In [5]:
import numpy as np
from scipy.io import wavfile
import librosa
import os
import sys
import pickle 
import numpy as np
from sklearn.model_selection import train_test_split
from collections import OrderedDict
import gc

training_data = 'IRMAS-TrainingData/'
testing_data = ['IRMAS-TestingData-Part1/Part1/', 'IRMAS-TestingData-Part2/IRTestingData-Part2/', 'IRMAS-TestingData-Part3/Part3/']
instrument_map = {
        "cel" : 0, 
        "cla" : 1, 
        "flu" : 2, 
        "gac" : 3, 
        "gel" : 4, 
        "org" : 5, 
        "pia" : 6, 
        "sax" : 7, 
        "tru" : 8, 
        "vio" : 9, 
        "voi" : 10
        }

In [6]:
def preprocess_audio(filename):
    """
    Performs audio processing and generates the mel-spectrograms for the wav file.
    
    Returns: mel spectrogram for the wav file.
    """ 
    fs, data = wavfile.read(filename)
    # Convert to a mono signal by taking the mean of the left and right channels
    audio = np.mean(data, axis=1)
    # Downsampling from 44KHz to 22KHz
    audio = audio[np.arange(0, audio.size, 2)]
    # Normalize the signal
    audio /= np.max(np.abs(audio))  

    # Computing Short Time Fourier Transform
    stft = np.abs(librosa.stft(audio, win_length=1024, hop_length=512,
        center=True))
    # Converting to Mel Spectogram
    mel_spec = librosa.feature.melspectrogram(S=stft, sr=22050, n_mels=128)

    # Segment the spectogram
    seg_dur = 43
    spec_list = []
    for idx in range(0, mel_spec.shape[1] - seg_dur + 1, seg_dur):
        spec_list.append(mel_spec[:, idx : (idx + seg_dur)])
    mspecs = np.expand_dims(np.array(spec_list), axis=1)
    
    return mspecs

def extract_features_for_audio(filename, testing, index):
    """ 
    For a given wav file, the features are of the following format:
    1. filename: the name of the audio file. 
    2. melspec: the mel-spectrogram of the wav file.
    3. labels: the instruments present in the wav file.
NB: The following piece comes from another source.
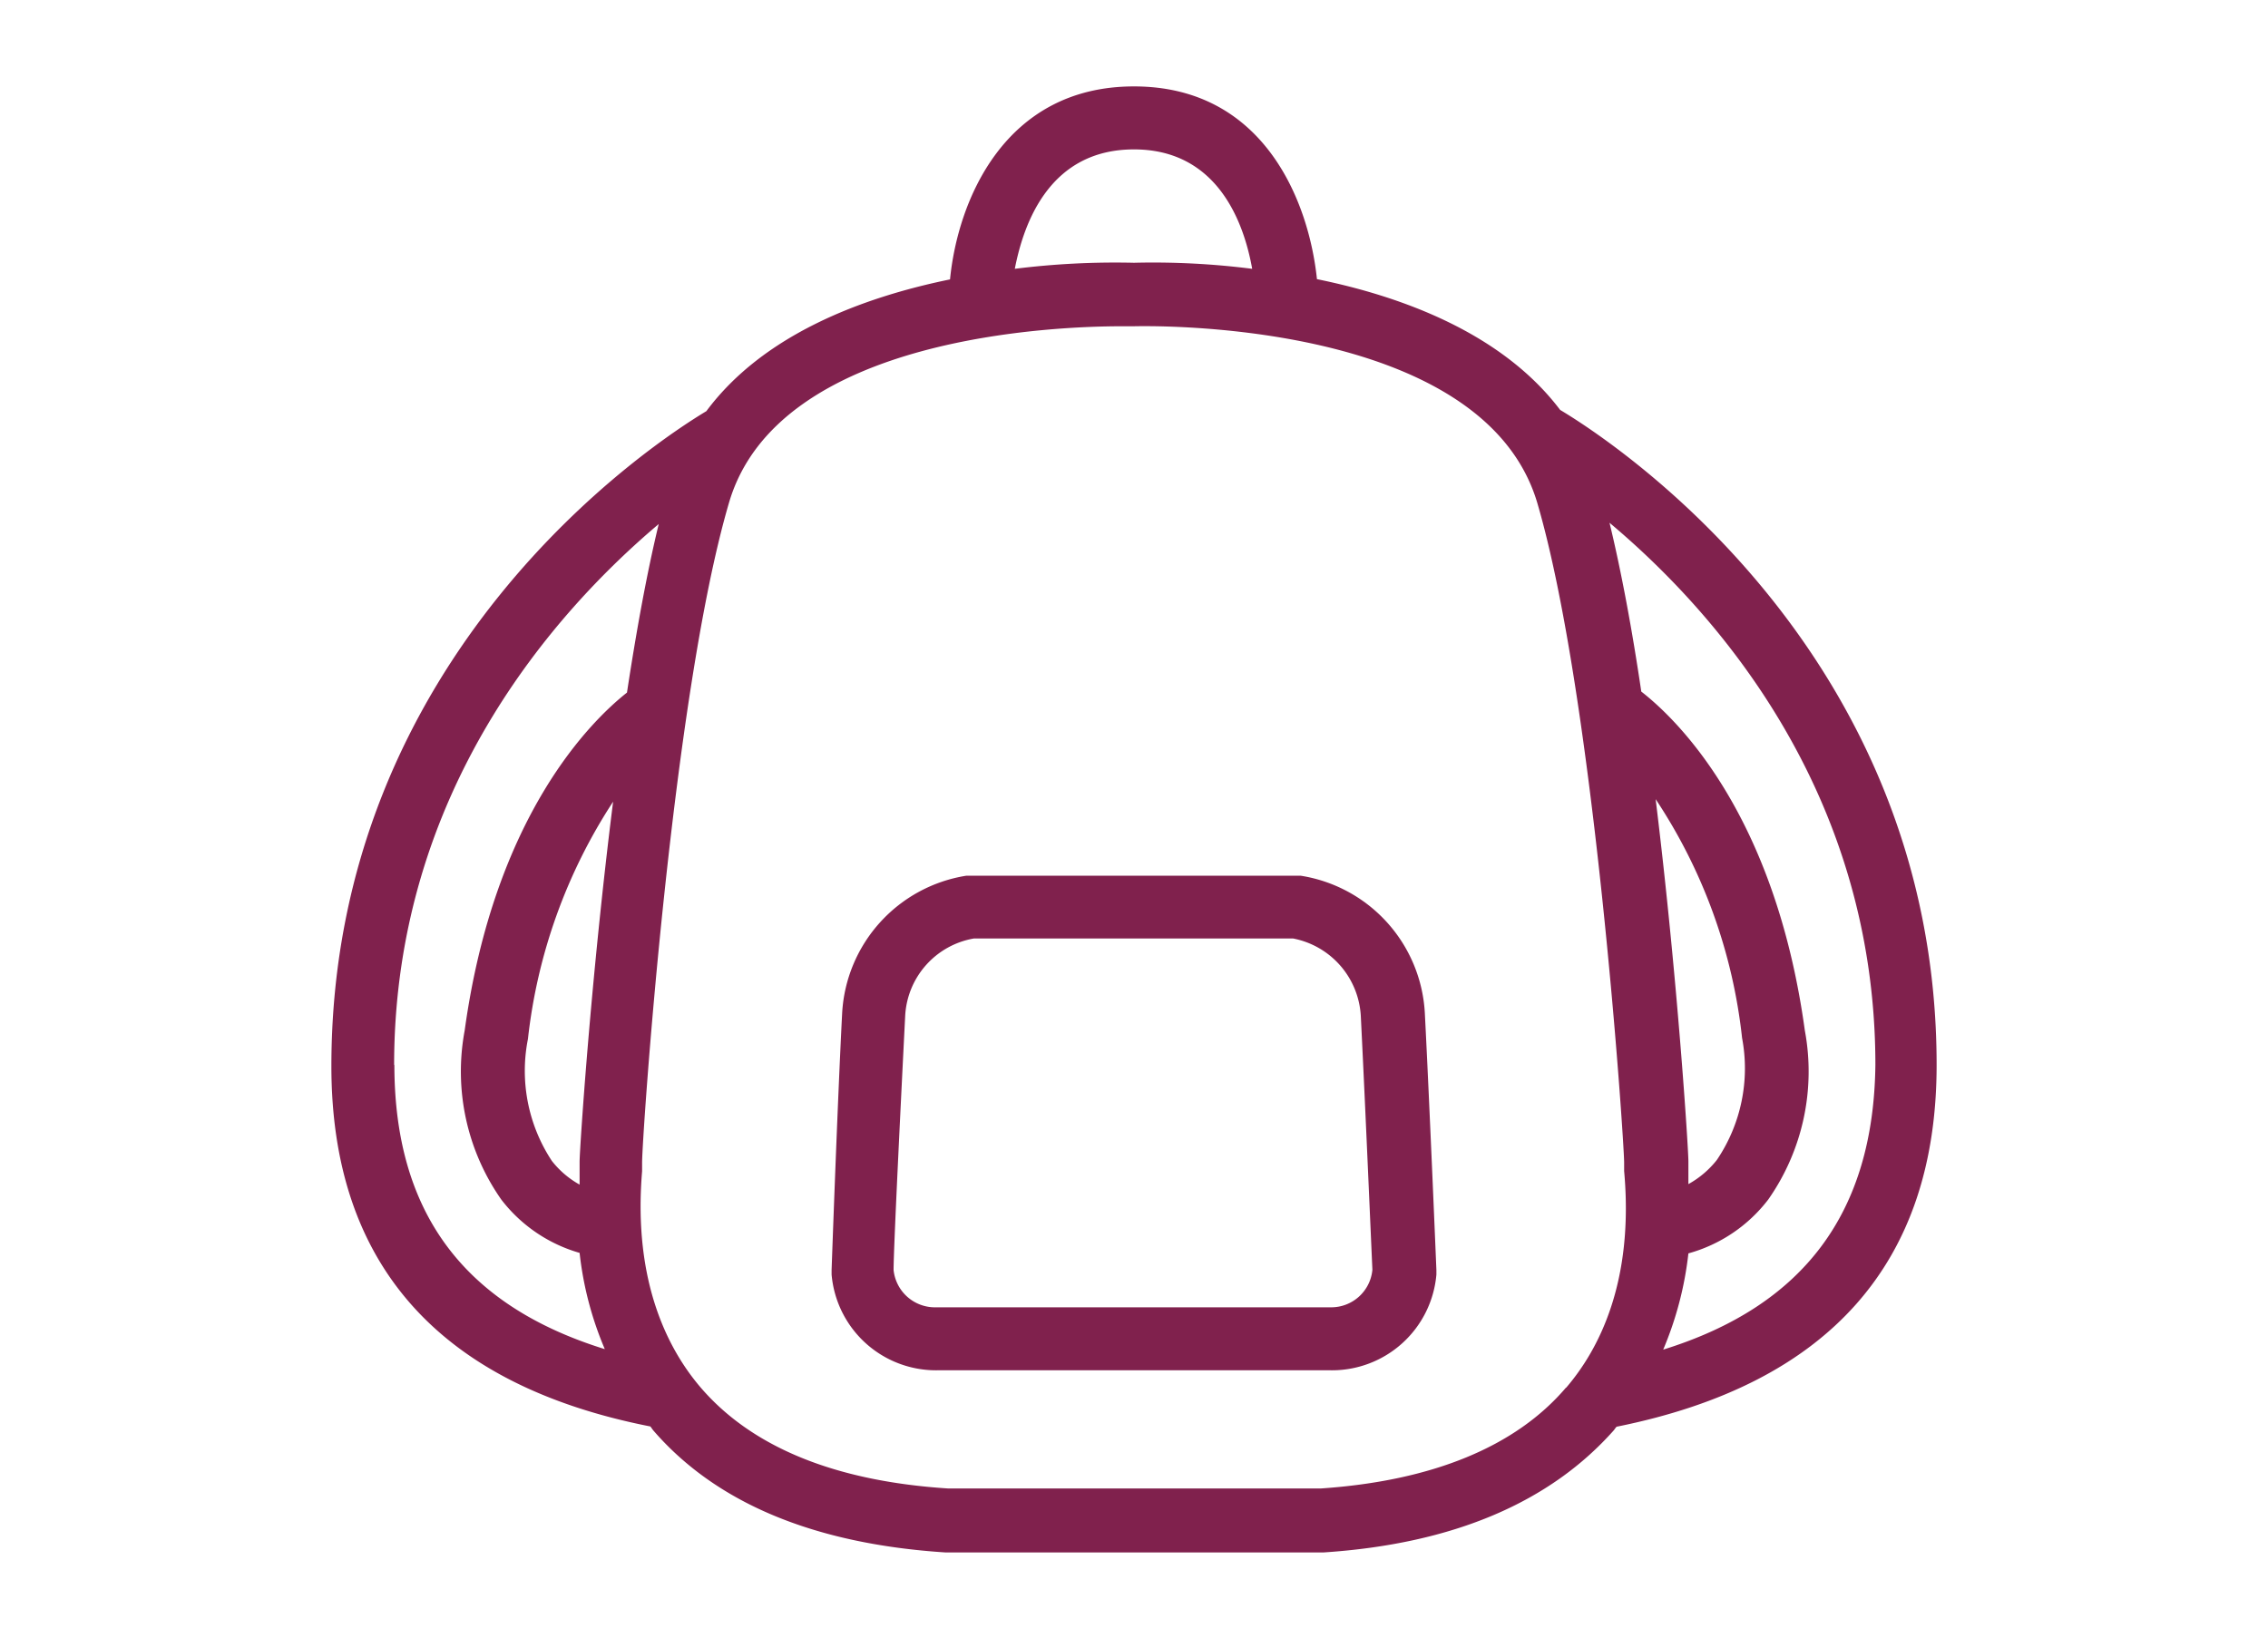 <svg xmlns="http://www.w3.org/2000/svg" width="90" height="65" viewBox="0 0 90 65"><defs><style>.a{fill:#80214d;}.b{fill:none;}</style></defs><title>icon04</title><path class="a" d="M56.54,40.19a5.84,5.84,0,0,0-4.92-5.43H38.34a5.85,5.85,0,0,0-4.92,5.43C33.23,43.86,33,50.41,33,50.41v.18a4.16,4.16,0,0,0,4.19,3.8H52.81A4.16,4.16,0,0,0,57,50.59v-.18S56.73,43.86,56.54,40.19Zm-3.73,11.7H37.15a1.65,1.65,0,0,1-1.69-1.48c0-.88.29-6.71.46-10.09a3.29,3.29,0,0,1,2.73-3.07H51.31A3.32,3.32,0,0,1,54,40.32c.17,3.38.42,9.2.46,10.08A1.64,1.64,0,0,1,52.81,51.89Z"/><path class="a" d="M76.85,42.27c0-16.56-13.15-24.93-14.94-26-2.27-3-6.17-4.48-9.65-5.19C51.94,8,50.16,3.43,45,3.43S38,8,37.7,11.09c-3.51.72-7.42,2.2-9.67,5.23-2.05,1.23-14.88,9.6-14.88,26,0,7.85,4.27,12.65,12.66,14.3l.1.14c2.48,2.88,6.36,4.52,11.61,4.86h15c5.17-.34,9-2,11.53-4.86a1.13,1.13,0,0,1,.1-.13C72.57,54.94,76.85,50.13,76.85,42.27ZM67,47c0-.26,0-.49,0-.76l0-.14c0-.49-.43-7.3-1.3-14.38a21.28,21.28,0,0,1,3.43,9.48,6.49,6.49,0,0,1-1,4.84A3.75,3.75,0,0,1,67,47ZM45,5.93c3.31,0,4.36,2.89,4.69,4.74A31.07,31.07,0,0,0,45,10.43a32,32,0,0,0-4.73.24C40.63,8.82,41.67,5.93,45,5.93ZM23,46.11l0,.17c0,.26,0,.49,0,.74a3.65,3.65,0,0,1-1.1-.94,6.49,6.49,0,0,1-.95-4.84,21.53,21.53,0,0,1,3.38-9.42C23.44,38.88,23,45.65,23,46.11Zm-7.36-3.84c0-10.86,6.39-18,10.5-21.47-.47,1.94-.89,4.26-1.26,6.69-1.38,1.09-5.26,4.84-6.44,13.41a8.86,8.86,0,0,0,1.45,6.71A6,6,0,0,0,23,49.73a13.49,13.49,0,0,0,1,3.82C18.39,51.81,15.65,48.1,15.65,42.27Zm46.5,12.81c-2,2.35-5.32,3.7-9.71,4H37.61c-4.48-.29-7.77-1.64-9.8-4-1.27-1.48-2.7-4.16-2.33-8.59,0-.17,0-.29,0-.35,0-1,1.18-18.46,3.45-26.19,1.95-6.66,13.13-7,15.59-7H45c.14,0,13.79-.41,16,7,2.27,7.72,3.44,25.23,3.45,26.18,0,.06,0,.18,0,.35C64.85,50.92,63.42,53.6,62.15,55.08ZM66,53.57a13.65,13.65,0,0,0,1-3.82,6,6,0,0,0,3.17-2.14,8.86,8.86,0,0,0,1.45-6.71c-1.19-8.67-5.14-12.4-6.49-13.45-.36-2.44-.79-4.76-1.26-6.7,4.1,3.44,10.55,10.58,10.55,21.52C74.35,48.11,71.6,51.83,66,53.57Z"/><rect class="b" width="90" height="65"/></svg>

These are extracted from the filename. 
    
    Arguments:
        filename: the name of the wav file for processing
        testing: whether the processing is done for testing dataset or not. Each file in testing dataset is annotated with multiple instruments
                whereas each file in the training dataset is annotated with single instrument.
    """
    features = {}
    features["filename"] = filename[:-4]
    features["melspec"] = preprocess_audio(filename)
    features["labels"] = np.zeros([11])
    
    if testing == False:
        features["labels"][index] = 1
    else:
        with open(filename[:-4] + '.txt', 'r') as fp:
            lines = fp.readlines()
            for instrument in lines:
                features["labels"][instrument_map[instrument[:3]]] = 1

    return features

def preprocess_training_data():
    """
    Preprocess the training data.
    
    Returns: the features for the training dataset.
    """ 
    features = []
    for instrument in instrument_map.keys() :

        for root, dirs, files in os.walk(training_data + instrument):
            total_files = len(files)
            print("Processing directory: ", root, "Total files: ", total_files)
            count = 0
            for file in files:
                if file.endswith('.wav'):
                    count += 1
                    feat = extract_features_for_audio(training_data+instrument+ "/" +
                            file,testing=False, index=instrument_map[instrument] )
                    features.append(feat)
                    
    return features

def preprocess_test_data():
    """
    Preprocess the testing data.
    
    Returns: the features for the testing dataset.
    """ 
    testing_data_features = []
    for folder in testing_data:
        print("Processing folder ", folder)

        features = []
        for root, dirs, files in os.walk(folder):
            total_files = len(files)/2
            print("Processing directory: ", root, ". Total Files: ", total_files)
            count = 0
            for file in files:
                if file.endswith('.wav'):
                    feature = extract_features_for_audio(folder+file, index=0, testing=True)
                    features.append(feature)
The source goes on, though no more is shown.